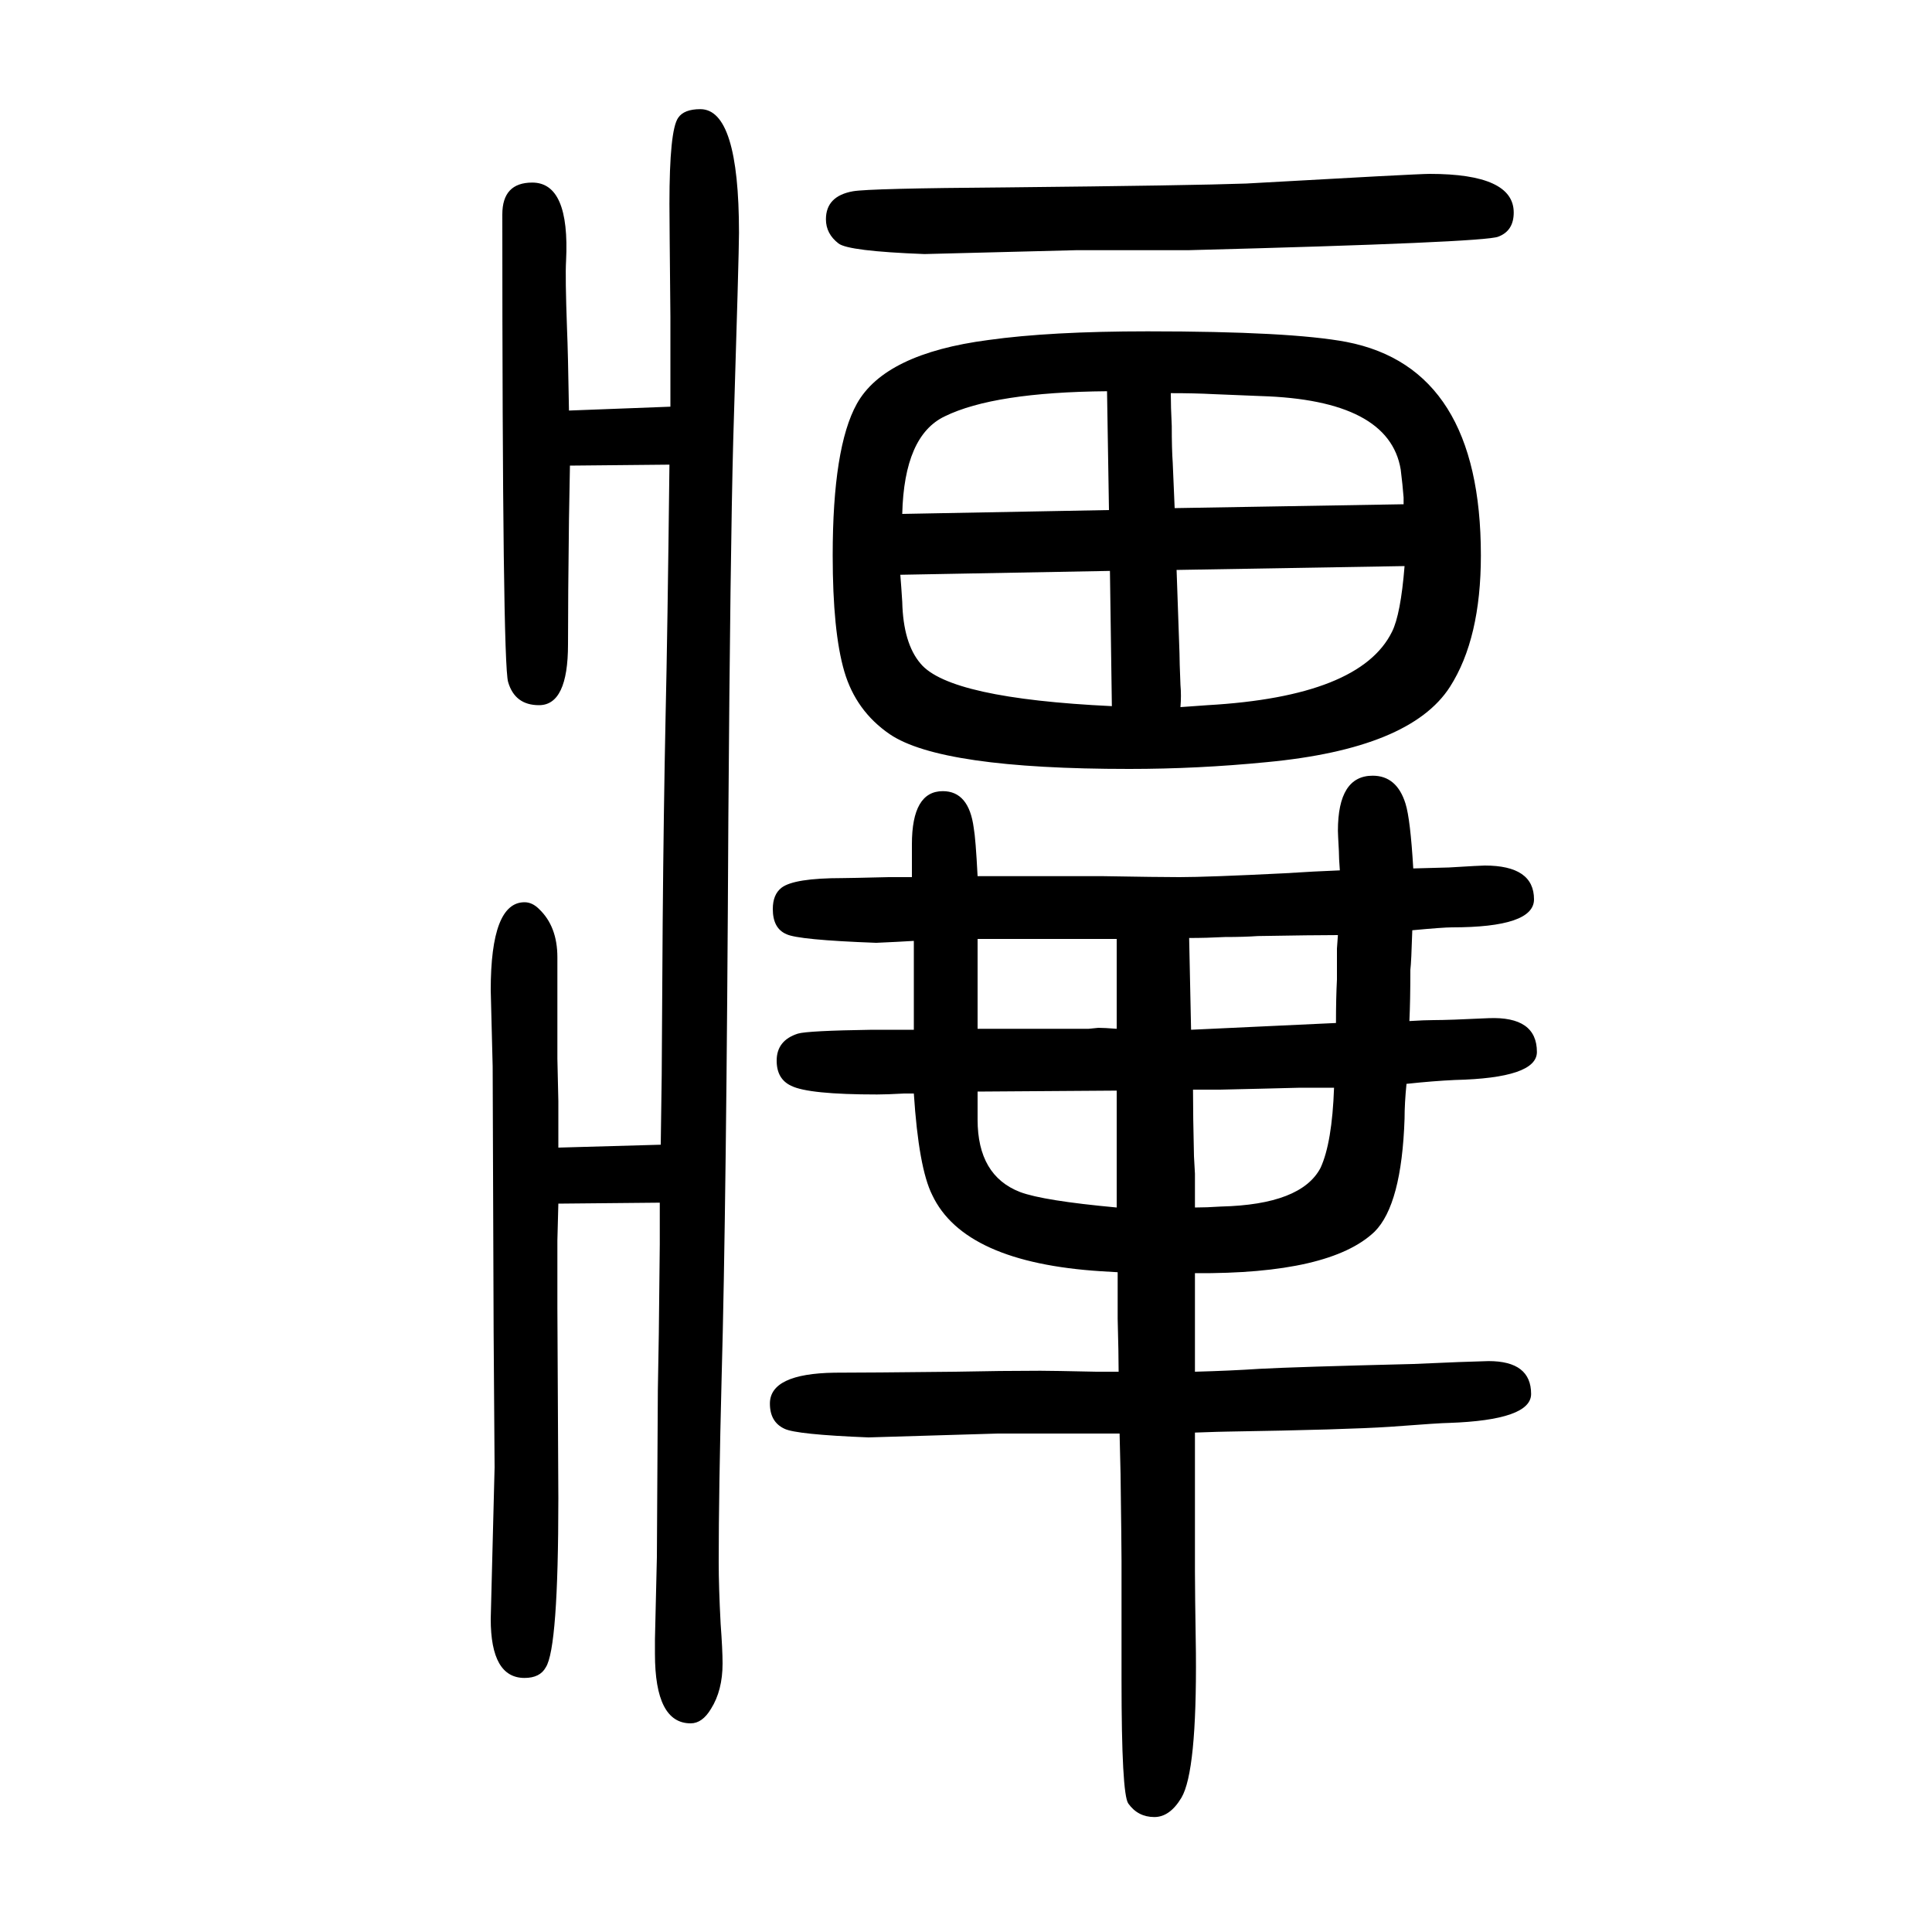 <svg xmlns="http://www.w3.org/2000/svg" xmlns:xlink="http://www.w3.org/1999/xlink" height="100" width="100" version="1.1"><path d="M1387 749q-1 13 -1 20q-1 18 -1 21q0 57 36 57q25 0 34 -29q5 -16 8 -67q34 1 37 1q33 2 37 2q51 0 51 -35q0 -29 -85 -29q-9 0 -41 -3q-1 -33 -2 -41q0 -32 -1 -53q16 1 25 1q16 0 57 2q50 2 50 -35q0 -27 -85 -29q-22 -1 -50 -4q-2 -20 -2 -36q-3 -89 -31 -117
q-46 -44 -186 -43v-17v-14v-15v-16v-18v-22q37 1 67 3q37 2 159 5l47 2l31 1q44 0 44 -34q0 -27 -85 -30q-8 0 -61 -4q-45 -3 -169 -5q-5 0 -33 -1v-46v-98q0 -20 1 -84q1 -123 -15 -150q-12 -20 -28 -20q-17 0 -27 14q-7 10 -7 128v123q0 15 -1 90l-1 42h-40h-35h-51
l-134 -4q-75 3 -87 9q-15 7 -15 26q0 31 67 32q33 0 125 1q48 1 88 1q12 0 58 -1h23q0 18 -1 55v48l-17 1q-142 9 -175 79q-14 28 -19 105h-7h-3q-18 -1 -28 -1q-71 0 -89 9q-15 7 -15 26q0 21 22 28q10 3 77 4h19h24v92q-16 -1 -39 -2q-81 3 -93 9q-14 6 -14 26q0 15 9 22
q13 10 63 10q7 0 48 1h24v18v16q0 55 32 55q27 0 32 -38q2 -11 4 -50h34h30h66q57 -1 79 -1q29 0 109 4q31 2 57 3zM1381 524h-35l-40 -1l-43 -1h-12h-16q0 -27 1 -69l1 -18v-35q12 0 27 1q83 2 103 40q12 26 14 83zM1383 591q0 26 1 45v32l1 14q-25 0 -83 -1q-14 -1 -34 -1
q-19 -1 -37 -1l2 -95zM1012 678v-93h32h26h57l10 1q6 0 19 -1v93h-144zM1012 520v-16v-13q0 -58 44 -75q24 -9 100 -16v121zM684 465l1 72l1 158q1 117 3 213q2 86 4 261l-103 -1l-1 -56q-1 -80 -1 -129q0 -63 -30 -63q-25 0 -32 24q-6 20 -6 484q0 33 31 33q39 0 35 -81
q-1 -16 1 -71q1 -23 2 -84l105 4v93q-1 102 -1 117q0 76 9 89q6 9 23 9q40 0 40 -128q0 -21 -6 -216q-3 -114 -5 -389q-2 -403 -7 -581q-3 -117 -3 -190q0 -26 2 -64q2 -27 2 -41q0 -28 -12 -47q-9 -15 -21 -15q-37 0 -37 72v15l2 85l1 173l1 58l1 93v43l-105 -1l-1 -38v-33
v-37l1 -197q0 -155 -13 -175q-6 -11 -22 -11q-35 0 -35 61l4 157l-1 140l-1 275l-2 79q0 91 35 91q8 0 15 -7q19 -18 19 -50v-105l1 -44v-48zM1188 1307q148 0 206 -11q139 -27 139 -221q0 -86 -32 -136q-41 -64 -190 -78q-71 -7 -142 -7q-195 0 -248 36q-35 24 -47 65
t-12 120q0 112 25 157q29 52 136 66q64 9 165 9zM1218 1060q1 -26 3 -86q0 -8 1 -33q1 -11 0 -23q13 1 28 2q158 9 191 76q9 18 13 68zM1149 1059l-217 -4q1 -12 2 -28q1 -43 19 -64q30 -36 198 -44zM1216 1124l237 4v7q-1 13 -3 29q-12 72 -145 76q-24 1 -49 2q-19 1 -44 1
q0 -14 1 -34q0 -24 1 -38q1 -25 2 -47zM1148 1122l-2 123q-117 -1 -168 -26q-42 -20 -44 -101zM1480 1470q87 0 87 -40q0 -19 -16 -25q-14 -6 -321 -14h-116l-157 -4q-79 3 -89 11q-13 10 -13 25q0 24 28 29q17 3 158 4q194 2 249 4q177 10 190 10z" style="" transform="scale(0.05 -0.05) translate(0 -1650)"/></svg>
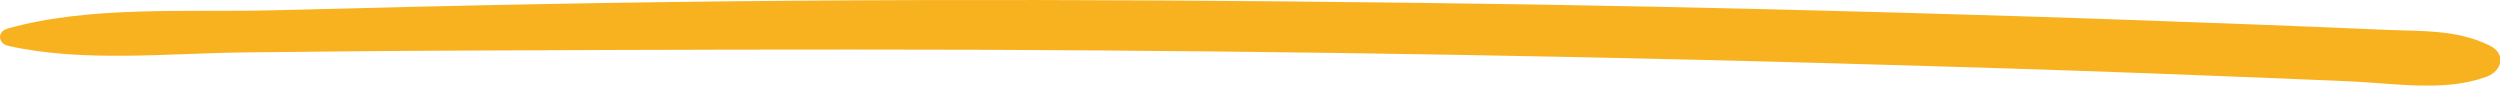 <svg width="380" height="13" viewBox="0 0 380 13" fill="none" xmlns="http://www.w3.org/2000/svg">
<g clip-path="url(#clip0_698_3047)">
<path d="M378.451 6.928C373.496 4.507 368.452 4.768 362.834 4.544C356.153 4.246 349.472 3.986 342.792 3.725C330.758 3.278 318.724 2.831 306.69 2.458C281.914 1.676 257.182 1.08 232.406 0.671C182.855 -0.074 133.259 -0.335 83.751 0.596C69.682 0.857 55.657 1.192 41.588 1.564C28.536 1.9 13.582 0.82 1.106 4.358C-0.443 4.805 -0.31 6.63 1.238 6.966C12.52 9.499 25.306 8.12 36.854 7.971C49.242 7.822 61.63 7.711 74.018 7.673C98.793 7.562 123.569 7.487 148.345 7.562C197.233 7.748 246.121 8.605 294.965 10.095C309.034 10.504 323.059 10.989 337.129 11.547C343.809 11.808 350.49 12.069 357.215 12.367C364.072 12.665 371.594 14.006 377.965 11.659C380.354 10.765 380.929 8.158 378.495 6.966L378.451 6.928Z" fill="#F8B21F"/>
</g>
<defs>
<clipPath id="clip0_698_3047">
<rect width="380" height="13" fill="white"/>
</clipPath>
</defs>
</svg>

::::::

The output should consist of every entry above, printed exactly, with the images removed.

 <svg xmlns="http://www.w3.org/2000/svg" xmlns:xlink="http://www.w3.org/1999/xlink" height="100" width="100" version="1.1"><path d="M1387 749q-1 13 -1 20q-1 18 -1 21q0 57 36 57q25 0 34 -29q5 -16 8 -67q34 1 37 1q33 2 37 2q51 0 51 -35q0 -29 -85 -29q-9 0 -41 -3q-1 -33 -2 -41q0 -32 -1 -53q16 1 25 1q16 0 57 2q50 2 50 -35q0 -27 -85 -29q-22 -1 -50 -4q-2 -20 -2 -36q-3 -89 -31 -117
q-46 -44 -186 -43v-17v-14v-15v-16v-18v-22q37 1 67 3q37 2 159 5l47 2l31 1q44 0 44 -34q0 -27 -85 -30q-8 0 -61 -4q-45 -3 -169 -5q-5 0 -33 -1v-46v-98q0 -20 1 -84q1 -123 -15 -150q-12 -20 -28 -20q-17 0 -27 14q-7 10 -7 128v123q0 15 -1 90l-1 42h-40h-35h-51
l-134 -4q-75 3 -87 9q-15 7 -15 26q0 31 67 32q33 0 125 1q48 1 88 1q12 0 58 -1h23q0 18 -1 55v48l-17 1q-142 9 -175 79q-14 28 -19 105h-7h-3q-18 -1 -28 -1q-71 0 -89 9q-15 7 -15 26q0 21 22 28q10 3 77 4h19h24v92q-16 -1 -39 -2q-81 3 -93 9q-14 6 -14 26q0 15 9 22
q13 10 63 10q7 0 48 1h24v18v16q0 55 32 55q27 0 32 -38q2 -11 4 -50h34h30h66q57 -1 79 -1q29 0 109 4q31 2 57 3zM1381 524h-35l-40 -1l-43 -1h-12h-16q0 -27 1 -69l1 -18v-35q12 0 27 1q83 2 103 40q12 26 14 83zM1383 591q0 26 1 45v32l1 14q-25 0 -83 -1q-14 -1 -34 -1
q-19 -1 -37 -1l2 -95zM1012 678v-93h32h26h57l10 1q6 0 19 -1v93h-144zM1012 520v-16v-13q0 -58 44 -75q24 -9 100 -16v121zM684 465l1 72l1 158q1 117 3 213q2 86 4 261l-103 -1l-1 -56q-1 -80 -1 -129q0 -63 -30 -63q-25 0 -32 24q-6 20 -6 484q0 33 31 33q39 0 35 -81
q-1 -16 1 -71q1 -23 2 -84l105 4v93q-1 102 -1 117q0 76 9 89q6 9 23 9q40 0 40 -128q0 -21 -6 -216q-3 -114 -5 -389q-2 -403 -7 -581q-3 -117 -3 -190q0 -26 2 -64q2 -27 2 -41q0 -28 -12 -47q-9 -15 -21 -15q-37 0 -37 72v15l2 85l1 173l1 58l1 93v43l-105 -1l-1 -38v-33
v-37l1 -197q0 -155 -13 -175q-6 -11 -22 -11q-35 0 -35 61l4 157l-1 140l-1 275l-2 79q0 91 35 91q8 0 15 -7q19 -18 19 -50v-105l1 -44v-48zM1188 1307q148 0 206 -11q139 -27 139 -221q0 -86 -32 -136q-41 -64 -190 -78q-71 -7 -142 -7q-195 0 -248 36q-35 24 -47 65
t-12 120q0 112 25 157q29 52 136 66q64 9 165 9zM1218 1060q1 -26 3 -86q0 -8 1 -33q1 -11 0 -23q13 1 28 2q158 9 191 76q9 18 13 68zM1149 1059l-217 -4q1 -12 2 -28q1 -43 19 -64q30 -36 198 -44zM1216 1124l237 4v7q-1 13 -3 29q-12 72 -145 76q-24 1 -49 2q-19 1 -44 1
q0 -14 1 -34q0 -24 1 -38q1 -25 2 -47zM1148 1122l-2 123q-117 -1 -168 -26q-42 -20 -44 -101zM1480 1470q87 0 87 -40q0 -19 -16 -25q-14 -6 -321 -14h-116l-157 -4q-79 3 -89 11q-13 10 -13 25q0 24 28 29q17 3 158 4q194 2 249 4q177 10 190 10z" style="" transform="scale(0.05 -0.05) translate(0 -1650)"/></svg>
 <svg width="380" height="13" viewBox="0 0 380 13" fill="none" xmlns="http://www.w3.org/2000/svg">
<g clip-path="url(#clip0_698_3047)">
<path d="M378.451 6.928C373.496 4.507 368.452 4.768 362.834 4.544C356.153 4.246 349.472 3.986 342.792 3.725C330.758 3.278 318.724 2.831 306.69 2.458C281.914 1.676 257.182 1.08 232.406 0.671C182.855 -0.074 133.259 -0.335 83.751 0.596C69.682 0.857 55.657 1.192 41.588 1.564C28.536 1.9 13.582 0.82 1.106 4.358C-0.443 4.805 -0.31 6.63 1.238 6.966C12.52 9.499 25.306 8.12 36.854 7.971C49.242 7.822 61.63 7.711 74.018 7.673C98.793 7.562 123.569 7.487 148.345 7.562C197.233 7.748 246.121 8.605 294.965 10.095C309.034 10.504 323.059 10.989 337.129 11.547C343.809 11.808 350.49 12.069 357.215 12.367C364.072 12.665 371.594 14.006 377.965 11.659C380.354 10.765 380.929 8.158 378.495 6.966L378.451 6.928Z" fill="#F8B21F"/>
</g>
<defs>
<clipPath id="clip0_698_3047">
<rect width="380" height="13" fill="white"/>
</clipPath>
</defs>
</svg>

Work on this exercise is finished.